Fluoroscopic assessment of epiglottic function prior to or subsequent to definitive surgery would have been ideal in this case. A fluoroscopic study was not performed in this case because of the emergent nature, acute decompensation, and concerns regarding anesthetic duration. At the time of writing, the patient has shown no signs of increased or chronic coughing and has not been diagnosed with aspiration pneumonia (10 mo postoperative).

Conclusion

This case report is a unique presentation of BOAS that exemplifies how increased negative pressure within the airway can lead to edema and displacement of the GE mucosa, causing complete obstruction of the larynx, epiglottis, and rima glottidis. To the authors' knowledge, there is no literature describing complete obstruction of the larynx and rima glottidis by edematous GE mucosa in dogs secondary to BOAS. Additionally, the authors describe a novel technique for primary closure of the GE mucosa in two separate, simple continuous suture patterns. In this patient, the obstruction of the rima glottidis was the most significant component contributing to acute dyspnea. Surgical resection and primary closure of the GE mucosa resolved this patient's dyspnea, and no further complications were observed.

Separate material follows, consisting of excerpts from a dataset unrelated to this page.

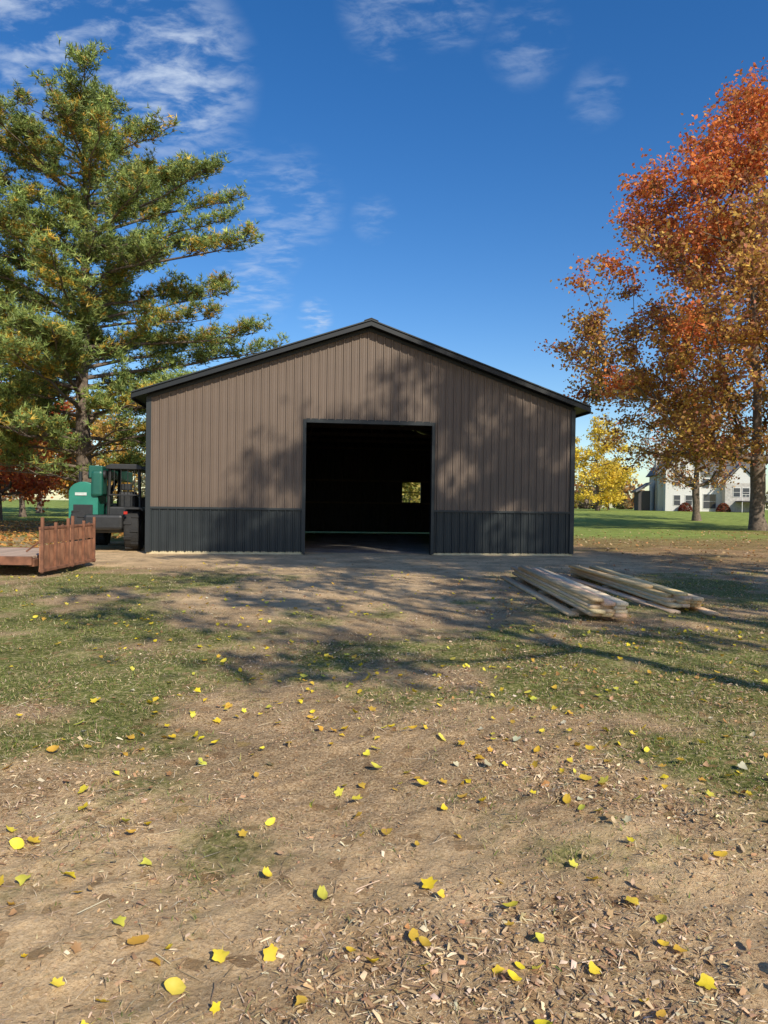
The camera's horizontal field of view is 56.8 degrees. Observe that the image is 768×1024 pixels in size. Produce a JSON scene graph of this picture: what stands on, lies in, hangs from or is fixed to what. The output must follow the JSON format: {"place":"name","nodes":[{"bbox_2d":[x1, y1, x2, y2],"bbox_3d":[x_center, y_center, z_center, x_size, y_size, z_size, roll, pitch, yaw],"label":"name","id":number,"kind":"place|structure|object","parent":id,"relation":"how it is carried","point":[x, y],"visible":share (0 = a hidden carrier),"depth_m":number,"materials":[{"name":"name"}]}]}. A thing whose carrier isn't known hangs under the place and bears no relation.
{"place":"outdoors","nodes":[
{"label":"outdoors","id":0,"kind":"place"},
{"bbox_2d":[0,499,767,1023],"bbox_3d":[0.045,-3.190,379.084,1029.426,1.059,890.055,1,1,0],"label":"ground","id":1,"kind":"structure","parent":0,"point":[374,557],"depth_m":3.73,"materials":[{"name":"soil"}]},
{"bbox_2d":[0,119,80,455],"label":"pine tree","id":2,"kind":"object","parent":1,"relation":"on","point":[7,296],"visible":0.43,"depth_m":28.17,"materials":[{"name":"green plant"}]},
{"bbox_2d":[0,382,92,520],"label":"red maple tree","id":3,"kind":"object","parent":1,"relation":"on","point":[25,485],"visible":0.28,"depth_m":45.85,"materials":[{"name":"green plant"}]},
{"bbox_2d":[0,516,95,572],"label":"equipment trailer","id":4,"kind":"object","parent":1,"relation":"on","point":[56,555],"visible":1,"depth_m":14.15,"materials":[{"name":"brown wood"}]},
{"bbox_2d":[1,409,95,516],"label":"red maple tree","id":5,"kind":"object","parent":1,"relation":"on","point":[22,511],"visible":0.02,"depth_m":57.79,"materials":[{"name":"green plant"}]},
{"bbox_2d":[6,393,103,512],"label":"orange maple tree","id":6,"kind":"object","parent":1,"relation":"on","point":[40,509],"visible":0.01,"depth_m":69.75,"materials":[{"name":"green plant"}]},
{"bbox_2d":[38,410,145,501],"bbox_3d":[-25.009,-4.261,60.039,9.816,9.660,10.486,1,1,0],"label":"orange maple tree","id":7,"kind":"object","parent":1,"relation":"on","point":[98,460],"visible":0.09,"depth_m":58.86,"materials":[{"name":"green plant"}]},
{"bbox_2d":[69,464,145,550],"bbox_3d":[-8.440,-0.165,23.175,2.038,2.530,6.786,1,1,-10],"label":"telehandler","id":8,"kind":"object","parent":1,"relation":"on","point":[124,514],"visible":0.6,"depth_m":20.26,"materials":[{"name":"metal"}]},
{"bbox_2d":[0,33,290,484],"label":"pine tree","id":9,"kind":"object","parent":1,"relation":"on","point":[77,347],"visible":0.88,"depth_m":28.34,"materials":[{"name":"green plant"}]},
{"bbox_2d":[131,318,590,555],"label":"post frame barn","id":10,"kind":"structure","parent":1,"relation":"on","point":[284,448],"depth_m":20.33,"materials":[{"name":"beige metal"}]},
{"bbox_2d":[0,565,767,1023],"bbox_3d":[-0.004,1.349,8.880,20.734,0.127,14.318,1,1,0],"label":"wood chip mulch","id":11,"kind":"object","parent":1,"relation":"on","point":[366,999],"visible":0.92,"depth_m":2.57,"materials":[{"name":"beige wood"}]},
{"bbox_2d":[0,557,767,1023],"bbox_3d":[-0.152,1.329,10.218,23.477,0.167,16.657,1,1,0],"label":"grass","id":12,"kind":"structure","parent":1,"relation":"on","point":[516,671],"depth_m":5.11,"materials":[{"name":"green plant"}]},
{"bbox_2d":[0,520,767,1023],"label":"fallen leaves","id":13,"kind":"object","parent":1,"relation":"on","point":[174,986],"visible":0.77,"depth_m":3.93,"materials":[{"name":"yellow plant"}]},
{"bbox_2d":[1,473,767,509],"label":"distant tree line","id":14,"kind":"object","parent":1,"relation":"on","point":[628,503],"visible":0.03,"depth_m":162.49,"materials":[{"name":"green plant"}]},
{"bbox_2d":[402,482,419,502],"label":"window","id":15,"kind":"structure","parent":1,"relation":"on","point":[412,487],"depth_m":47.57,"materials":[{"name":"clear glass"}]},
{"bbox_2d":[500,566,628,617],"bbox_3d":[2.724,1.213,11.651,0.799,0.325,5.644,1,1,0],"label":"lumber stack","id":16,"kind":"object","parent":1,"relation":"on","point":[582,599],"visible":1,"depth_m":10.17,"materials":[{"name":"brown wood"}]},
{"bbox_2d":[574,412,642,510],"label":"yellow maple tree","id":17,"kind":"object","parent":1,"relation":"on","point":[610,478],"visible":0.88,"depth_m":103.08,"materials":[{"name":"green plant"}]},
{"bbox_2d":[586,457,630,509],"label":"yellow maple tree","id":18,"kind":"object","parent":1,"relation":"on","point":[590,487],"visible":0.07,"depth_m":121.68,"materials":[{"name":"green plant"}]},
{"bbox_2d":[558,565,718,615],"bbox_3d":[4.117,1.249,12.296,1.025,0.277,5.461,1,1,-1],"label":"lumber stack","id":19,"kind":"object","parent":1,"relation":"on","point":[661,597],"visible":0.92,"depth_m":11.07,"materials":[{"name":"brown wood"}]},
{"bbox_2d":[634,491,649,510],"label":"side porch","id":20,"kind":"object","parent":1,"relation":"on","point":[641,500],"visible":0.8,"depth_m":113.70,"materials":[{"name":"grey"}]},
{"bbox_2d":[631,482,650,492],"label":"side porch roof","id":21,"kind":"structure","parent":20,"relation":"on","point":[641,487],"depth_m":113.68,"materials":[{"name":"grey"}]},
{"bbox_2d":[534,57,767,530],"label":"oak tree","id":22,"kind":"object","parent":1,"relation":"on","point":[733,230],"visible":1,"depth_m":46.05,"materials":[{"name":"orange plant"}]},
{"bbox_2d":[654,444,663,510],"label":"chimney","id":23,"kind":"object","parent":1,"relation":"on","point":[655,485],"visible":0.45,"depth_m":113.56,"materials":[{"name":"stone"}]},
{"bbox_2d":[662,471,699,510],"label":"gable wing","id":24,"kind":"structure","parent":1,"relation":"on","point":[669,491],"depth_m":109.57,"materials":[{"name":"white paint"}]},
{"bbox_2d":[666,458,694,470],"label":"wing gable","id":25,"kind":"structure","parent":24,"relation":"on","point":[689,466],"depth_m":109.03,"materials":[{"name":"white"}]},
{"bbox_2d":[649,475,724,511],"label":"walls","id":26,"kind":"structure","parent":1,"relation":"on","point":[659,502],"depth_m":112.11,"materials":[{"name":"white paint"}]},
{"bbox_2d":[646,453,749,476],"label":"roof","id":27,"kind":"structure","parent":26,"relation":"on","point":[650,474],"depth_m":110.22,"materials":[{"name":"grey"}]},
{"bbox_2d":[721,463,749,483],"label":"wing roof","id":28,"kind":"structure","parent":26,"relation":"on","point":[733,471],"depth_m":107.88,"materials":[{"name":"grey"}]},
{"bbox_2d":[627,377,762,520],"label":"oak tree","id":29,"kind":"object","parent":1,"relation":"on","point":[695,485],"visible":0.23,"depth_m":73.52,"materials":[{"name":"orange plant"}]},
{"bbox_2d":[678,502,730,511],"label":"red shrubs","id":30,"kind":"object","parent":1,"relation":"on","point":[683,506],"visible":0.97,"depth_m":107.91,"materials":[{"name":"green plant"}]},
{"bbox_2d":[721,483,749,511],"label":"wing","id":31,"kind":"structure","parent":1,"relation":"on","point":[728,498],"depth_m":108.08,"materials":[{"name":"white paint"}]},
{"bbox_2d":[726,468,749,482],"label":"wing gable","id":32,"kind":"structure","parent":31,"relation":"on","point":[744,477],"depth_m":107.87,"materials":[{"name":"white paint"}]},
{"bbox_2d":[0,0,767,509],"label":"sky","id":33,"kind":"structure","parent":0,"point":[427,170],"materials":[{"name":"blue"}]},
{"bbox_2d":[674,495,679,504],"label":"window","id":34,"kind":"structure","parent":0,"point":[676,499],"depth_m":109.34,"materials":[{"name":"white glass"}]},
{"bbox_2d":[686,495,691,504],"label":"window","id":35,"kind":"structure","parent":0,"point":[688,499],"depth_m":108.97,"materials":[{"name":"white glass"}]},
{"bbox_2d":[703,494,715,508],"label":"window","id":36,"kind":"structure","parent":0,"point":[708,497],"depth_m":110.61,"materials":[{"name":"white glass"}]},
{"bbox_2d":[734,488,739,496],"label":"window","id":37,"kind":"structure","parent":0,"point":[736,490],"depth_m":107.94,"materials":[{"name":"white glass"}]},
{"bbox_2d":[743,488,748,496],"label":"window","id":38,"kind":"structure","parent":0,"point":[745,489],"depth_m":107.67,"materials":[{"name":"white glass"}]}
]}

Objectively, the authors were unable to quantify how much of an effect the other confounding variables (elongated soft palate, stenotic nares, and everted laryngeal saccules) and their surgical correction contributed to the improvement of this patient. However, in the authors' opinion, the obstruction caused by the displaced GE mucosa was the overwhelming component of dyspnea in this patient. This conclusion is supported by the picture of laryngeal obstruction by the GE mucosa (Figure 1) and the immediate return to 100–99% oxygen saturation after intubation. Alternatively, a more conservative approach, standard surgical correction of BOAS defects and placement of a temporary tracheostomy tube, may have resolved this patient's dyspnea.

Static displacement of edematous GE mucosa may become an additional secondary component of BOAS in some dogs. In this patient, primary resection and closure of the GE mucosa resulted in a good outcome and may be a consideration in other similar cases. More information on the reported outcome and potential complications of primary closure of GE mucosa will be required to determine if this technique can be recommended in the future in dogs with this secondary component of BOAS.